[EXTRACTED ENTRIES]
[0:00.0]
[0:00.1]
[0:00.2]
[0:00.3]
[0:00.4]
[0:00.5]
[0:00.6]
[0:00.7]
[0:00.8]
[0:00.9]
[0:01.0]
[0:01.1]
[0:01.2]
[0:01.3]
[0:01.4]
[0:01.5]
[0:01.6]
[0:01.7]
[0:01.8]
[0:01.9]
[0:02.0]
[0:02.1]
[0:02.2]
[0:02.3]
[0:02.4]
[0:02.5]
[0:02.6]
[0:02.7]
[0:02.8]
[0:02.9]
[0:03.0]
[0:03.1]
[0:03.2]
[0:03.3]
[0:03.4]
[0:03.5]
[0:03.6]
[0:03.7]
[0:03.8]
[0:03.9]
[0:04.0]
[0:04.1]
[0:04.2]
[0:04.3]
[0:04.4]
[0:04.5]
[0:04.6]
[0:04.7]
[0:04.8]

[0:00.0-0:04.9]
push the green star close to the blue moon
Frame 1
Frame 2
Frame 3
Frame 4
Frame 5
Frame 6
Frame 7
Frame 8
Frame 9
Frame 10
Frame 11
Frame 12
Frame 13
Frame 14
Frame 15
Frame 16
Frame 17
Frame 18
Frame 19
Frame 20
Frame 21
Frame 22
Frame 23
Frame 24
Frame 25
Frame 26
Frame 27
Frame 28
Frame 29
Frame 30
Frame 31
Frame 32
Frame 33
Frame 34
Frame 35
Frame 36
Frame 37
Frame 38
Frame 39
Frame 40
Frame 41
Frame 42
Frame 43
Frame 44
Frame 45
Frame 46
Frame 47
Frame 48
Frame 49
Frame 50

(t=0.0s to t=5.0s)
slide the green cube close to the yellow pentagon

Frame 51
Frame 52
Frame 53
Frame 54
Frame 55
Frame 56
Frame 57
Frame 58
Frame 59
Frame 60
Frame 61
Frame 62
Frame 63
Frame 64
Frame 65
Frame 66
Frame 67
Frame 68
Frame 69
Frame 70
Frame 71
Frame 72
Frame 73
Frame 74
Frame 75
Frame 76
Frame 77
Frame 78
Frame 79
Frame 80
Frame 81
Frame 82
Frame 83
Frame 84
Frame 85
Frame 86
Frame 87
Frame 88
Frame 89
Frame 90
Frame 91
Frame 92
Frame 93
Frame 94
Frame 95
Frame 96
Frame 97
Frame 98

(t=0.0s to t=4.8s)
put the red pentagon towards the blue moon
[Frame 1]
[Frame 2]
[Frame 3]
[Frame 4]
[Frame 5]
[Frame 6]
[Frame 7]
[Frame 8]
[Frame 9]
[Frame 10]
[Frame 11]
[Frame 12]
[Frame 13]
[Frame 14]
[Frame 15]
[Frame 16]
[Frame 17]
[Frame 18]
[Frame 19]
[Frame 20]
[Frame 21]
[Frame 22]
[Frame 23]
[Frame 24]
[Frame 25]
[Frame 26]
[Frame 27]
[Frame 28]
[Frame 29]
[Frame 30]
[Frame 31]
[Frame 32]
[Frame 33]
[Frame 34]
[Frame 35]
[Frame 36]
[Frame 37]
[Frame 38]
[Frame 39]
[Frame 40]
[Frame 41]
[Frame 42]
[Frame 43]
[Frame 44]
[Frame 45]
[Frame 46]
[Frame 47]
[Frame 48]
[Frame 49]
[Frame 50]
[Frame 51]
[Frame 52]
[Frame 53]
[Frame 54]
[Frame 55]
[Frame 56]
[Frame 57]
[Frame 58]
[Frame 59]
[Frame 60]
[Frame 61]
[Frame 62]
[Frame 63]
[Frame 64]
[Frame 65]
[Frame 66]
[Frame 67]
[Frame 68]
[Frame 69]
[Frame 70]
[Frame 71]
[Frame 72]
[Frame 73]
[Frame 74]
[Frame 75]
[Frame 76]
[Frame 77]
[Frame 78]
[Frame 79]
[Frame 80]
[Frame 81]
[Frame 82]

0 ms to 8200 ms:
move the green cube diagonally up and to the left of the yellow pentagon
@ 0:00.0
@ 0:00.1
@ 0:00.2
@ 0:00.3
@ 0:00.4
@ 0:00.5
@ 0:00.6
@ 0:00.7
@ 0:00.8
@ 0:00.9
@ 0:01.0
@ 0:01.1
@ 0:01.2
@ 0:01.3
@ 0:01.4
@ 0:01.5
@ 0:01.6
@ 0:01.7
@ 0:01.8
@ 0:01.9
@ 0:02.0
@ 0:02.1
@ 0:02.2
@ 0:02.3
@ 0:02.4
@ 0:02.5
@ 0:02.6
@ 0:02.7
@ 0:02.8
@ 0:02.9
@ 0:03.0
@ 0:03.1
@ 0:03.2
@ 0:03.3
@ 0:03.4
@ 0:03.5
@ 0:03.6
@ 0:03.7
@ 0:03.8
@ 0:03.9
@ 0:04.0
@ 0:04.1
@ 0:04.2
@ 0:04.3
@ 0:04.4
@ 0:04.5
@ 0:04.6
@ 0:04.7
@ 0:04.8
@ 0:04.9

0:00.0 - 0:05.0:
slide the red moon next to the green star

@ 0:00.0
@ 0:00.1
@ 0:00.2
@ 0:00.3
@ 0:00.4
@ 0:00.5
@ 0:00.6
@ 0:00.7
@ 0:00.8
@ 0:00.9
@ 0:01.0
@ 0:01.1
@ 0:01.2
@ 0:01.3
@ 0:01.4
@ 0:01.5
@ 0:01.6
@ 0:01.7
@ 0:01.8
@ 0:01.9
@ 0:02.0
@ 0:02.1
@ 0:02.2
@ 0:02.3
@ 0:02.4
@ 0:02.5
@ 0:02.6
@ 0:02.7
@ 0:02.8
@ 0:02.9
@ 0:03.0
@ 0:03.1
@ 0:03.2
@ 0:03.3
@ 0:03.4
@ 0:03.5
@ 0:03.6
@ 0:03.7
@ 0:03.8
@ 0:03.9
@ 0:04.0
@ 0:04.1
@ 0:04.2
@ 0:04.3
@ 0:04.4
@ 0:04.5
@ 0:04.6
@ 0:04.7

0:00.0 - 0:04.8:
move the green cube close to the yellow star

[TASK INSTRUCTIONS]
Each record above, in full: retype it verbatim.

[EXERCISE RESULT]
[0:00.0]
[0:00.1]
[0:00.2]
[0:00.3]
[0:00.4]
[0:00.5]
[0:00.6]
[0:00.7]
[0:00.8]
[0:00.9]
[0:01.0]
[0:01.1]
[0:01.2]
[0:01.3]
[0:01.4]
[0:01.5]
[0:01.6]
[0:01.7]
[0:01.8]
[0:01.9]
[0:02.0]
[0:02.1]
[0:02.2]
[0:02.3]
[0:02.4]
[0:02.5]
[0:02.6]
[0:02.7]
[0:02.8]
[0:02.9]
[0:03.0]
[0:03.1]
[0:03.2]
[0:03.3]
[0:03.4]
[0:03.5]
[0:03.6]
[0:03.7]
[0:03.8]
[0:03.9]
[0:04.0]
[0:04.1]
[0:04.2]
[0:04.3]
[0:04.4]
[0:04.5]
[0:04.6]
[0:04.7]
[0:04.8]

[0:00.0-0:04.9]
push the green star close to the blue moon
Frame 1
Frame 2
Frame 3
Frame 4
Frame 5
Frame 6
Frame 7
Frame 8
Frame 9
Frame 10
Frame 11
Frame 12
Frame 13
Frame 14
Frame 15
Frame 16
Frame 17
Frame 18
Frame 19
Frame 20
Frame 21
Frame 22
Frame 23
Frame 24
Frame 25
Frame 26
Frame 27
Frame 28
Frame 29
Frame 30
Frame 31
Frame 32
Frame 33
Frame 34
Frame 35
Frame 36
Frame 37
Frame 38
Frame 39
Frame 40
Frame 41
Frame 42
Frame 43
Frame 44
Frame 45
Frame 46
Frame 47
Frame 48
Frame 49
Frame 50

(t=0.0s to t=5.0s)
slide the green cube close to the yellow pentagon

Frame 51
Frame 52
Frame 53
Frame 54
Frame 55
Frame 56
Frame 57
Frame 58
Frame 59
Frame 60
Frame 61
Frame 62
Frame 63
Frame 64
Frame 65
Frame 66
Frame 67
Frame 68
Frame 69
Frame 70
Frame 71
Frame 72
Frame 73
Frame 74
Frame 75
Frame 76
Frame 77
Frame 78
Frame 79
Frame 80
Frame 81
Frame 82
Frame 83
Frame 84
Frame 85
Frame 86
Frame 87
Frame 88
Frame 89
Frame 90
Frame 91
Frame 92
Frame 93
Frame 94
Frame 95
Frame 96
Frame 97
Frame 98

(t=0.0s to t=4.8s)
put the red pentagon towards the blue moon
[Frame 1]
[Frame 2]
[Frame 3]
[Frame 4]
[Frame 5]
[Frame 6]
[Frame 7]
[Frame 8]
[Frame 9]
[Frame 10]
[Frame 11]
[Frame 12]
[Frame 13]
[Frame 14]
[Frame 15]
[Frame 16]
[Frame 17]
[Frame 18]
[Frame 19]
[Frame 20]
[Frame 21]
[Frame 22]
[Frame 23]
[Frame 24]
[Frame 25]
[Frame 26]
[Frame 27]
[Frame 28]
[Frame 29]
[Frame 30]
[Frame 31]
[Frame 32]
[Frame 33]
[Frame 34]
[Frame 35]
[Frame 36]
[Frame 37]
[Frame 38]
[Frame 39]
[Frame 40]
[Frame 41]
[Frame 42]
[Frame 43]
[Frame 44]
[Frame 45]
[Frame 46]
[Frame 47]
[Frame 48]
[Frame 49]
[Frame 50]
[Frame 51]
[Frame 52]
[Frame 53]
[Frame 54]
[Frame 55]
[Frame 56]
[Frame 57]
[Frame 58]
[Frame 59]
[Frame 60]
[Frame 61]
[Frame 62]
[Frame 63]
[Frame 64]
[Frame 65]
[Frame 66]
[Frame 67]
[Frame 68]
[Frame 69]
[Frame 70]
[Frame 71]
[Frame 72]
[Frame 73]
[Frame 74]
[Frame 75]
[Frame 76]
[Frame 77]
[Frame 78]
[Frame 79]
[Frame 80]
[Frame 81]
[Frame 82]

0 ms to 8200 ms:
move the green cube diagonally up and to the left of the yellow pentagon
@ 0:00.0
@ 0:00.1
@ 0:00.2
@ 0:00.3
@ 0:00.4
@ 0:00.5
@ 0:00.6
@ 0:00.7
@ 0:00.8
@ 0:00.9
@ 0:01.0
@ 0:01.1
@ 0:01.2
@ 0:01.3
@ 0:01.4
@ 0:01.5
@ 0:01.6
@ 0:01.7
@ 0:01.8
@ 0:01.9
@ 0:02.0
@ 0:02.1
@ 0:02.2
@ 0:02.3
@ 0:02.4
@ 0:02.5
@ 0:02.6
@ 0:02.7
@ 0:02.8
@ 0:02.9
@ 0:03.0
@ 0:03.1
@ 0:03.2
@ 0:03.3
@ 0:03.4
@ 0:03.5
@ 0:03.6
@ 0:03.7
@ 0:03.8
@ 0:03.9
@ 0:04.0
@ 0:04.1
@ 0:04.2
@ 0:04.3
@ 0:04.4
@ 0:04.5
@ 0:04.6
@ 0:04.7
@ 0:04.8
@ 0:04.9

0:00.0 - 0:05.0:
slide the red moon next to the green star

@ 0:00.0
@ 0:00.1
@ 0:00.2
@ 0:00.3
@ 0:00.4
@ 0:00.5
@ 0:00.6
@ 0:00.7
@ 0:00.8
@ 0:00.9
@ 0:01.0
@ 0:01.1
@ 0:01.2
@ 0:01.3
@ 0:01.4
@ 0:01.5
@ 0:01.6
@ 0:01.7
@ 0:01.8
@ 0:01.9
@ 0:02.0
@ 0:02.1
@ 0:02.2
@ 0:02.3
@ 0:02.4
@ 0:02.5
@ 0:02.6
@ 0:02.7
@ 0:02.8
@ 0:02.9
@ 0:03.0
@ 0:03.1
@ 0:03.2
@ 0:03.3
@ 0:03.4
@ 0:03.5
@ 0:03.6
@ 0:03.7
@ 0:03.8
@ 0:03.9
@ 0:04.0
@ 0:04.1
@ 0:04.2
@ 0:04.3
@ 0:04.4
@ 0:04.5
@ 0:04.6
@ 0:04.7

0:00.0 - 0:04.8:
move the green cube close to the yellow star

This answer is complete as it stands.